Friday, August 9, 2013

New paper questions simplistic radiative forcing assumptions of the IPCC

A new paper published in Geophysical Research Letters finds it is incorrect to assume that radiative forcing from greenhouse gases can be added to negative radiative forcing from agricultural expansion to determine climate change. According to the authors, "when negative forcing from agricultural expansion is approximately balanced by a radiatively equivalent increase in atmospheric carbon dioxide, significant changes in temperature, precipitation, and the timing of climate change result. These idealized experiments demonstrate the non-additivity of radiative forcing from land use change and greenhouse gases and point to the need for new climate change metrics or the development of climate policies and assessment protocols that do not rely on single dimensional metrics." The IPCC projections and climate models use this simplistic assumption, which this paper has now demonstrated to be incorrect.
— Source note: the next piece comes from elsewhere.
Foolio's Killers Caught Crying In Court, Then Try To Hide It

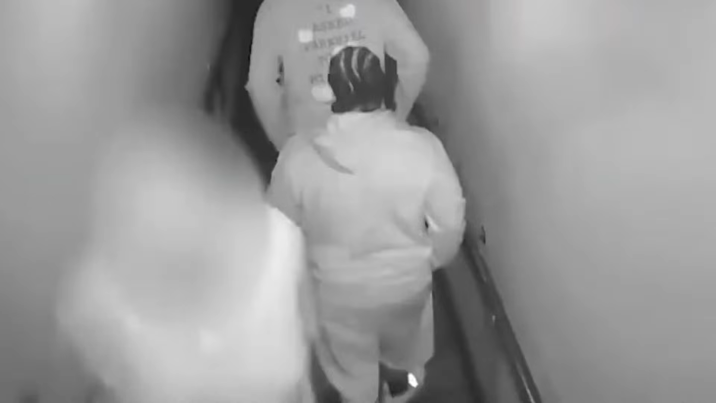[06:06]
capturing crucial footage of the defendant's movements.
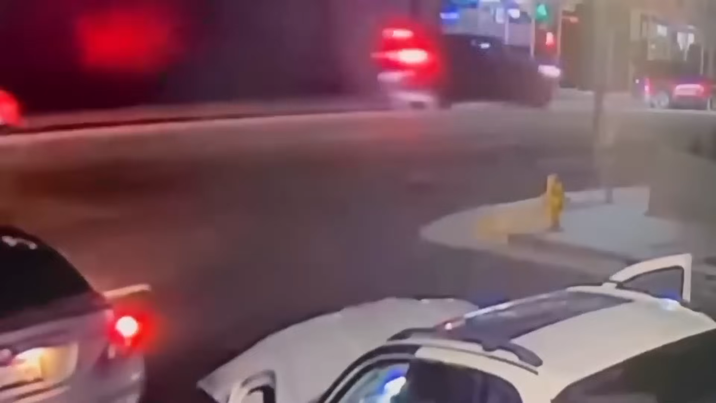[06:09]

On the additivity of radiative forcing between land use change and greenhouse gases

Andrew D. Jones 1,*, William D. Collins 1,2,Margaret S. Torn 1,3


In scientific and policy contexts, radiative forcing—an external change in Earth's mean radiative balance—has been suggested as a metric for evaluating the strength of climate perturbations resulting from different climate change drivers such as greenhouse gases and surface physical effects of land use change. However, the utility of this approach has been questioned given the spatially concentrated and sometimes nonradiative nature of land use climate disturbances. Here we show that when negative forcing from agricultural expansion is approximately balanced by a radiatively equivalent increase in atmospheric carbon dioxide, significant changes in temperature, precipitation, and the timing of climate change result. These idealized experiments demonstrate the nonadditivity of radiative forcing from land use change and greenhouse gases and point to the need for new climate change metrics or the development of climate policies and assessment protocols that do not rely on single dimensional metrics.